** Opening PROVIDED ENTRIES block **
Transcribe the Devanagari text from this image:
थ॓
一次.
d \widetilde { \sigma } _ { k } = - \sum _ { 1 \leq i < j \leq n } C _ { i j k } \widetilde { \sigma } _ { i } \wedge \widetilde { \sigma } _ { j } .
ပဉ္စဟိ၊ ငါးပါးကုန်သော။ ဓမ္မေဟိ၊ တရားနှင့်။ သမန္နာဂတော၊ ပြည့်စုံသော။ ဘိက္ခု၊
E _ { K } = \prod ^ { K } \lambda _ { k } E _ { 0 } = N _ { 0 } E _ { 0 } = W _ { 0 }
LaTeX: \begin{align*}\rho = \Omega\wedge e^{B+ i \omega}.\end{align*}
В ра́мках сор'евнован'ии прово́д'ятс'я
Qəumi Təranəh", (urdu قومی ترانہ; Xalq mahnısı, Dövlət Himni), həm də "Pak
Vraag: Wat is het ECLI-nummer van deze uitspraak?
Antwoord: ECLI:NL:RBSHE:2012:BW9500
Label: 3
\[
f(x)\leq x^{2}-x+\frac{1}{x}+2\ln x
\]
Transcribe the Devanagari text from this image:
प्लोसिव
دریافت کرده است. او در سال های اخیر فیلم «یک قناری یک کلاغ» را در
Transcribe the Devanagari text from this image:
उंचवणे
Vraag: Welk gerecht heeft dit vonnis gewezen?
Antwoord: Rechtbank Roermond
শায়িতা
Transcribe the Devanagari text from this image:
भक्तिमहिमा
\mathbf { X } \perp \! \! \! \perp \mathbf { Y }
** Closing PROVIDED ENTRIES block **
** Opening PROVIDED ENTRIES block **
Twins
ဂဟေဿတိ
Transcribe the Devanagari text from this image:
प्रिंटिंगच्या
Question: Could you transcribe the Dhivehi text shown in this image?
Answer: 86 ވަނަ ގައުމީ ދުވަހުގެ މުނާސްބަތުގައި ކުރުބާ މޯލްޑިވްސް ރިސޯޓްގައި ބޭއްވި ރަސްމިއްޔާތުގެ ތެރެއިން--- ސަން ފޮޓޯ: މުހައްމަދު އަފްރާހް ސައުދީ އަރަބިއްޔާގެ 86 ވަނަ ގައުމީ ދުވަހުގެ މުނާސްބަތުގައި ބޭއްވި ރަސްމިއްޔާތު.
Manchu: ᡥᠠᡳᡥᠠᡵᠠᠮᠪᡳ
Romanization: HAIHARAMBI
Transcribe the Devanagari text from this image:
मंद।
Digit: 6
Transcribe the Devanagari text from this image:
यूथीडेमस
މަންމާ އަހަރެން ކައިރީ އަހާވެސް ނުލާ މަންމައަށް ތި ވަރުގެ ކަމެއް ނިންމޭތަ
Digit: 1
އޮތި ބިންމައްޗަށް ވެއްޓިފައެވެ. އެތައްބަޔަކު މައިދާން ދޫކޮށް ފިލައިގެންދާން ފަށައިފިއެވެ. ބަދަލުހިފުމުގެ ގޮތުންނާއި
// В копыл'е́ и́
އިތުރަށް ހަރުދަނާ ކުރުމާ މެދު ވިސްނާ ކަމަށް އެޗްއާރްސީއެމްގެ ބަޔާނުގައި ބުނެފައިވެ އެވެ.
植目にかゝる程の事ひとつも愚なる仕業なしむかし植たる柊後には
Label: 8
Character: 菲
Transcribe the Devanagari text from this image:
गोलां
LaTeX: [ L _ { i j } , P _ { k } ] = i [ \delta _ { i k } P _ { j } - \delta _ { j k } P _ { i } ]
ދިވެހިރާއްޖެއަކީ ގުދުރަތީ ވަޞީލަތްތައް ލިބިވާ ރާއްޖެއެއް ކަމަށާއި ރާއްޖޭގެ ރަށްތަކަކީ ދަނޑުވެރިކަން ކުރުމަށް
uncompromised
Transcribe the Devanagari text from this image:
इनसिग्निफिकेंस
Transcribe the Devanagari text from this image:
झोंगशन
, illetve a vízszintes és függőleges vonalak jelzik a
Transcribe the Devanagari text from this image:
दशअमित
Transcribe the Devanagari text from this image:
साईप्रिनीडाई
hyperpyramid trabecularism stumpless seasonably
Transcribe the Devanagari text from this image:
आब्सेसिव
** Closing PROVIDED ENTRIES block **
** Opening PROVIDED ENTRIES block **
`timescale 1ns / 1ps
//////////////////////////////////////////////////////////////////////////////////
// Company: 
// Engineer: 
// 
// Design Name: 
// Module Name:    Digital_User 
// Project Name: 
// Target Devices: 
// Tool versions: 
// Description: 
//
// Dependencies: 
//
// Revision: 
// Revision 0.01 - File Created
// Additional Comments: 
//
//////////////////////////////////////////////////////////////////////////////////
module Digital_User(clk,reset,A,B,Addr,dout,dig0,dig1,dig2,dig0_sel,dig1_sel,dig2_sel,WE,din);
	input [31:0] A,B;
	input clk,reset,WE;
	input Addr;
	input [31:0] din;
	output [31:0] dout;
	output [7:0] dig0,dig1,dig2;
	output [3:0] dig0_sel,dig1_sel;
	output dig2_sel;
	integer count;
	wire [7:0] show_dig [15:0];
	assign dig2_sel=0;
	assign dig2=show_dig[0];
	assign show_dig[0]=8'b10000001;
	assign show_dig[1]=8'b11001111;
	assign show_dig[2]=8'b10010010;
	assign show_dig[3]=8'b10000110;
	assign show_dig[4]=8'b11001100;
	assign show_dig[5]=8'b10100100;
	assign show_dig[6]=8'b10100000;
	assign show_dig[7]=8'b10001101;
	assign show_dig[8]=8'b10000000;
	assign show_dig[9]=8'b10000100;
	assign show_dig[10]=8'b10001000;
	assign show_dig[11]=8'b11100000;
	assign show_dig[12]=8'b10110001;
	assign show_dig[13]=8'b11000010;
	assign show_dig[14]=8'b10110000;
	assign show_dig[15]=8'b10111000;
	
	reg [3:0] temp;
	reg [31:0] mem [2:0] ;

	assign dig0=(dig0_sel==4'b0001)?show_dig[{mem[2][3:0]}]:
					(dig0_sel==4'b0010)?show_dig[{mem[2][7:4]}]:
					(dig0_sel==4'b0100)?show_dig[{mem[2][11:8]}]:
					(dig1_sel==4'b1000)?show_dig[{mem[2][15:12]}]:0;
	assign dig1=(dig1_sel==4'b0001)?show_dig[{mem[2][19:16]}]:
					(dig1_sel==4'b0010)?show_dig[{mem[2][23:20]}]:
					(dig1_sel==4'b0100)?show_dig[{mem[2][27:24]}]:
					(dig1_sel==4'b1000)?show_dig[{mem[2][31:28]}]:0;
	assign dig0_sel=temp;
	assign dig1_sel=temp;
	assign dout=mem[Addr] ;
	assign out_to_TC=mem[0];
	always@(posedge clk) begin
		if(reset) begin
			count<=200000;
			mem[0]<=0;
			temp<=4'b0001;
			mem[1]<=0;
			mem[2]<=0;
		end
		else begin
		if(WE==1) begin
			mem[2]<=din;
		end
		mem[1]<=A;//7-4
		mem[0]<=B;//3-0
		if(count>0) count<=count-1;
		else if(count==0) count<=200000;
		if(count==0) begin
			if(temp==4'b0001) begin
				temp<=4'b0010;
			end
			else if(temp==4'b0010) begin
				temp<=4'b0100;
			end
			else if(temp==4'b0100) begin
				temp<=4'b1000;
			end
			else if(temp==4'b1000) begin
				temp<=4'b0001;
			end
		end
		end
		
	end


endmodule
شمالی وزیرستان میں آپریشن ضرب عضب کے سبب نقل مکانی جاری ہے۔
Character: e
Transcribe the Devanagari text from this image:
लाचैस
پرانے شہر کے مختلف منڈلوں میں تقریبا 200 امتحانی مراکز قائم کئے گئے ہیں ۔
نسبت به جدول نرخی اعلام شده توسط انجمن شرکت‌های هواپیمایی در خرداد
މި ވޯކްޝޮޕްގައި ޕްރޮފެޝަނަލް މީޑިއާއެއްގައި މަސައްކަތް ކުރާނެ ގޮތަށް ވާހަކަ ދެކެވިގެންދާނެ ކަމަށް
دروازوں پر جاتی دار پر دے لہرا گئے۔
** Closing PROVIDED ENTRIES block **
**WHAT THE TASK ASKS**. Using the records above, find and show each line with the string "Vraag".

**ANSWER**.
Vraag: Wat is het ECLI-nummer van deze uitspraak?
Vraag: Welk gerecht heeft dit vonnis gewezen?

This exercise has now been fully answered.